Fei Du walked over: "Ridiculing me already?"
"Who would dare?" Zhang Donglai hugged around Fei Du's shoulder with one arm, "I saw your car parked here long ago. I've been waiting for you. Where have you been? And WHAT in the world is with your outfit? Did you just come from signing a bilateral trade agreement with the president of the US or something? "
Fei Du didn't even raise his eyes: "Fuck off."
Zhang Donglai obediently shut his mouth for one minute, but quickly ran out of self-control: "Nope. I can't see you in this look any longer. I feel like I'm walking around with a dad. How am I supposed to pick up hot chicks like this?"

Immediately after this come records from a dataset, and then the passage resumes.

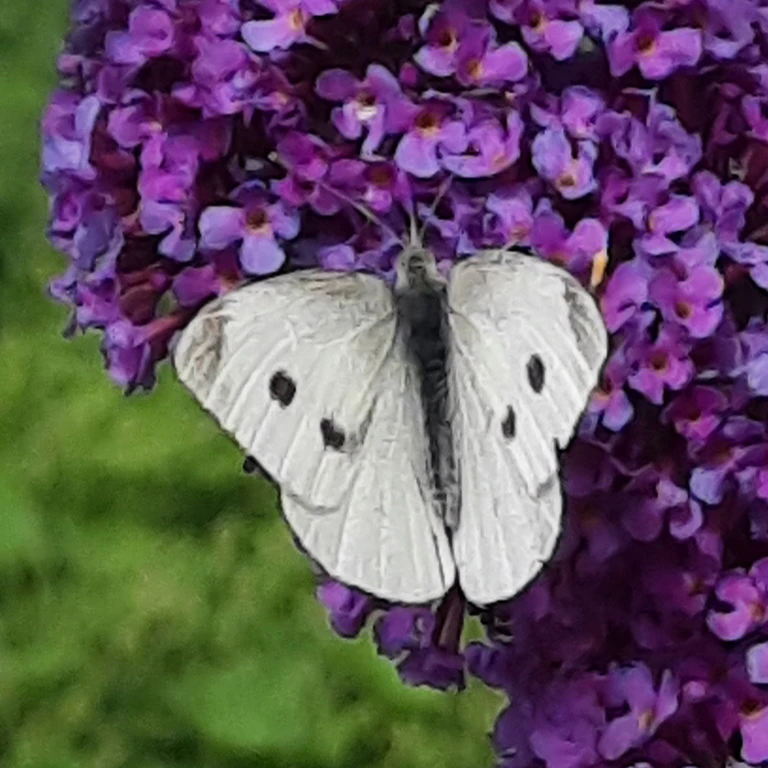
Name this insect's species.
Pieris rapae
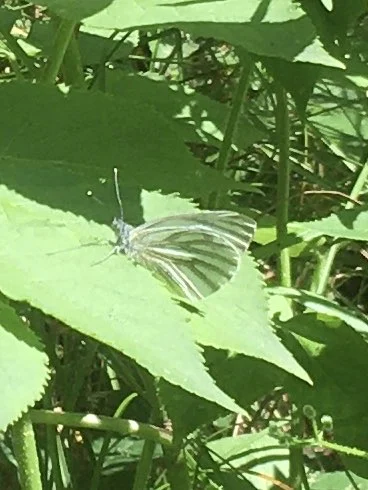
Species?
Pieris napi
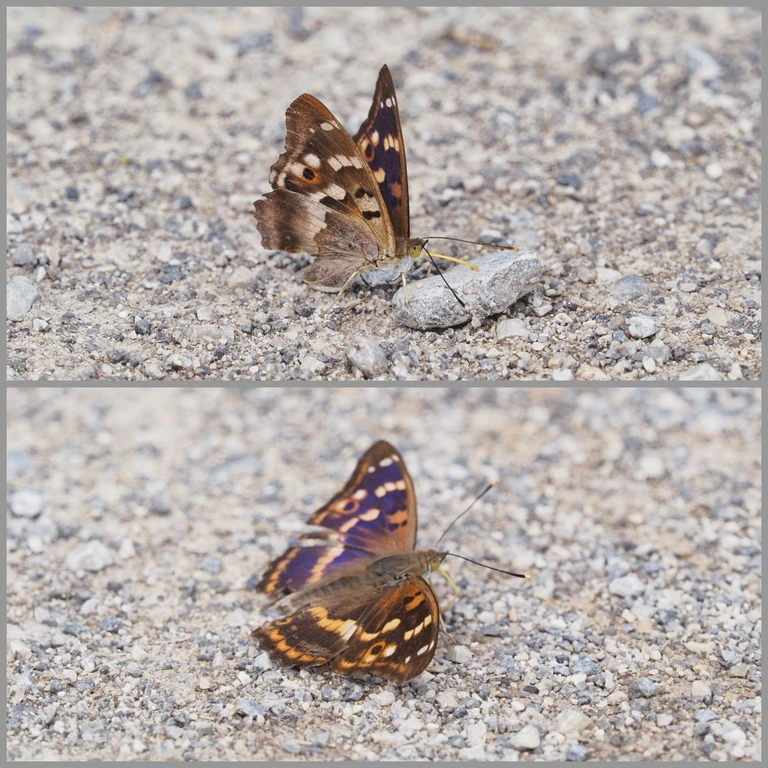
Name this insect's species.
Apatura ilia
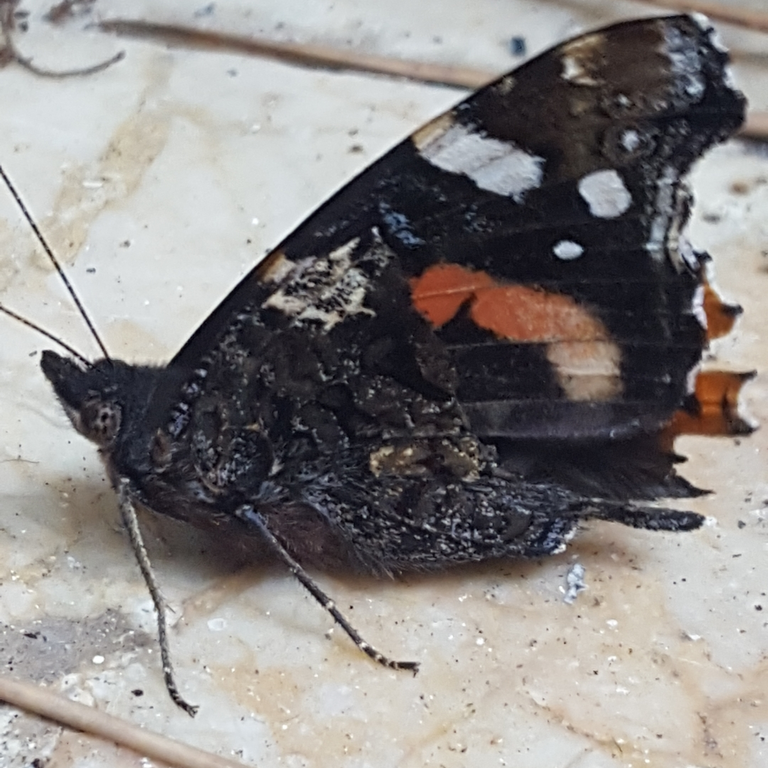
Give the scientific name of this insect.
Vanessa atalanta
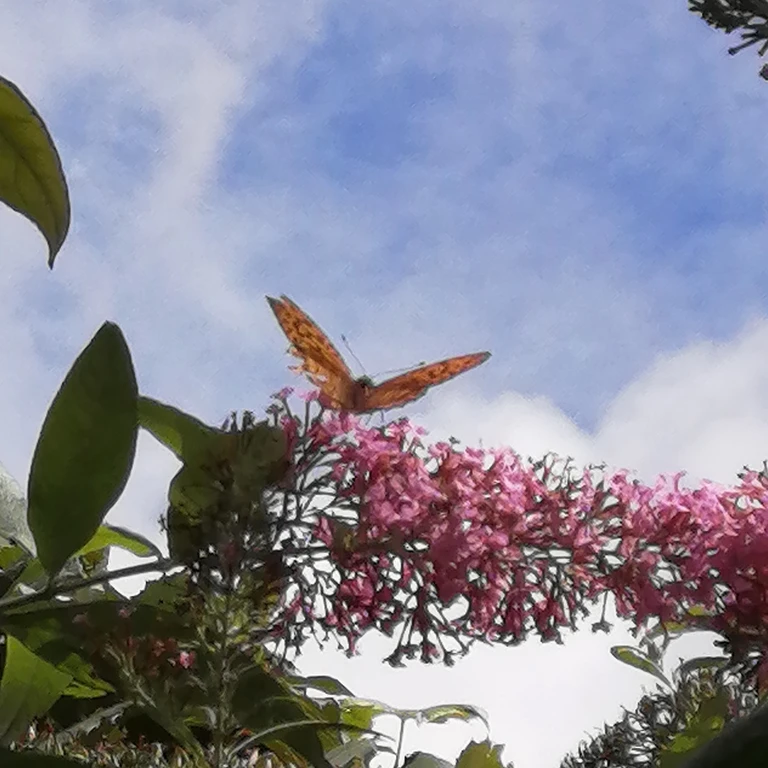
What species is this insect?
Argynnis paphia

Fei Du's steps slowed down. He removed his glasses with one finger and hung it over Zhang Donglai's shirt collar. Then he stripped off the suit jacket, casually rolled up the sleeves of his shirt and started loosening the shirt buttons.

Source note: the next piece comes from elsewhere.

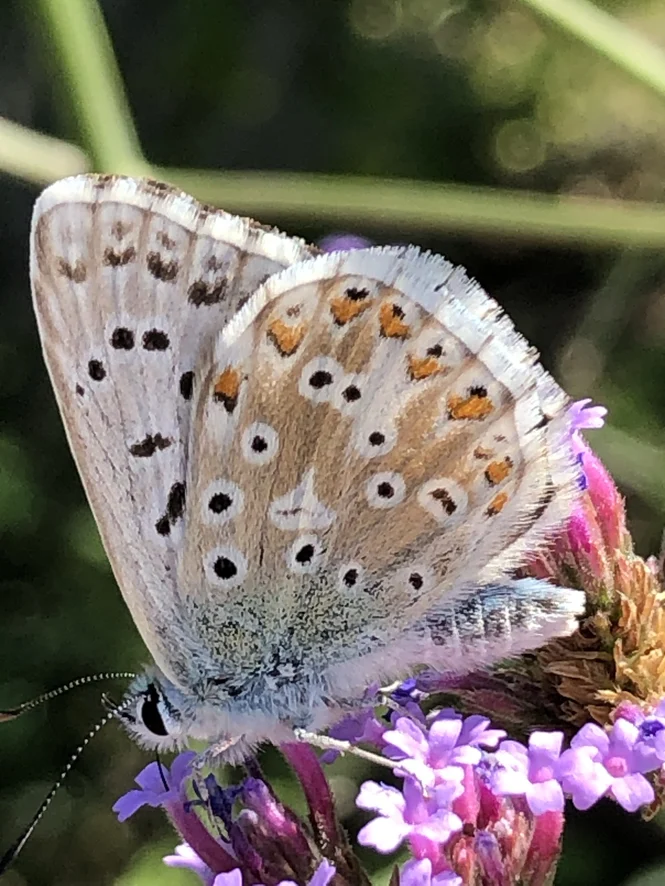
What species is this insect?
Lysandra coridon
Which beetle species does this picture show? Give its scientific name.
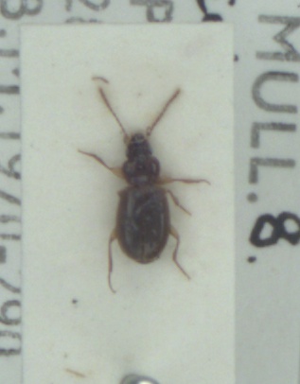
Trechus obtusus

He undid four buttons altogether. Some abstract tattoo marks lurked through his half-exposed chest. Finally, he messed up his hair a little, and grabbed three thicker-than-thimble rings from Zhang Donglai's paws and shoved them onto his own fingers: "What about now, my son?"

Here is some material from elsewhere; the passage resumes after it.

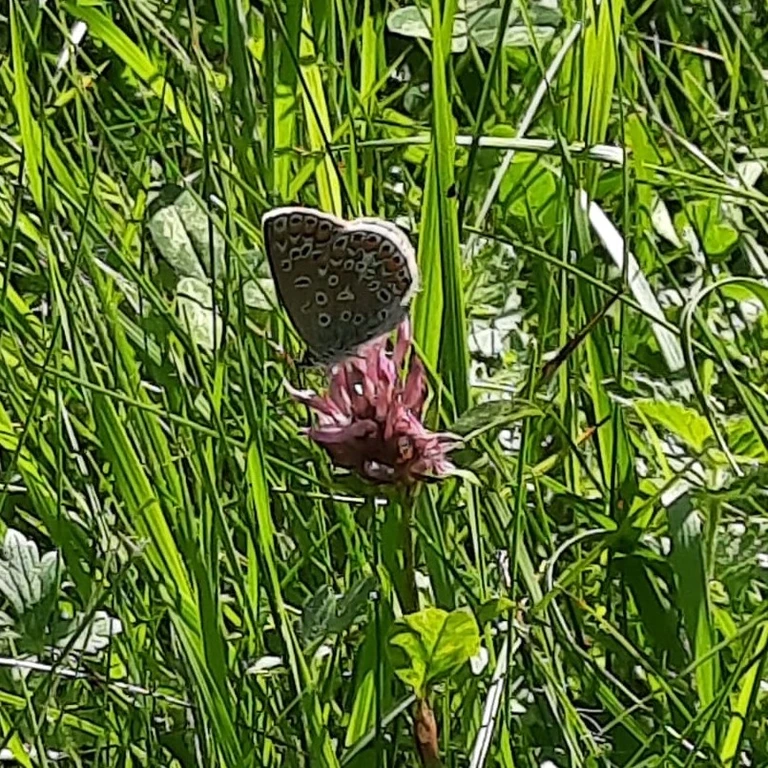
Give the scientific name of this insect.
Polyommatus icarus
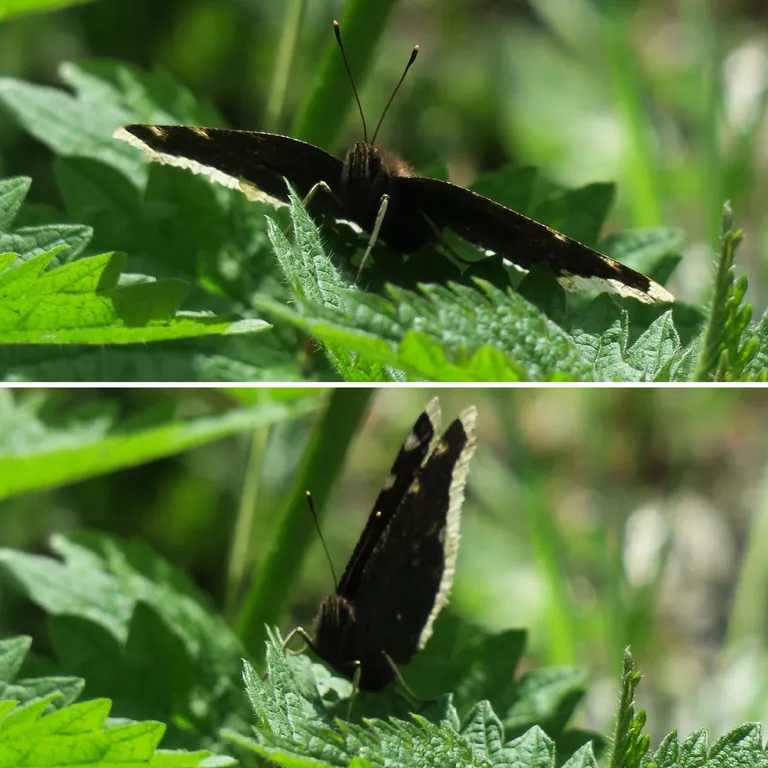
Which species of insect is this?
Nymphalis antiopa

As worldly as Zhang Donglai was, he still found this dramatic transformation jaw-dropping.
Fei Du was the alpha of this group of second-generation rich boys, because the others all still had their fathers to kiss up to. As for Fei Du, his mother passed away when he was little and his father was turned a vegetable by a car accident shortly after he came of age. In other words, he had already claimed the throne -- essentially at a different level than all the other "heirs".
He was full of money and free of parenting, so quite naturally he became the prodigal of prodigals. Luckily, he had no interest in playing the role of a "business prodigy": when it came to making big decisions for his business empire, he kept some senses and stayed away from any crazy shit investments. Therefore, simply a spendthrift at the lavish-life-style level, it looked like he wouldn't be wasting away all of his fortunes any time soon.
However, lately, out of blues, he stopped coming to the parties or hanging out with his old princeling friends altogether, as if he's decided to wash his hands off the old dancing days.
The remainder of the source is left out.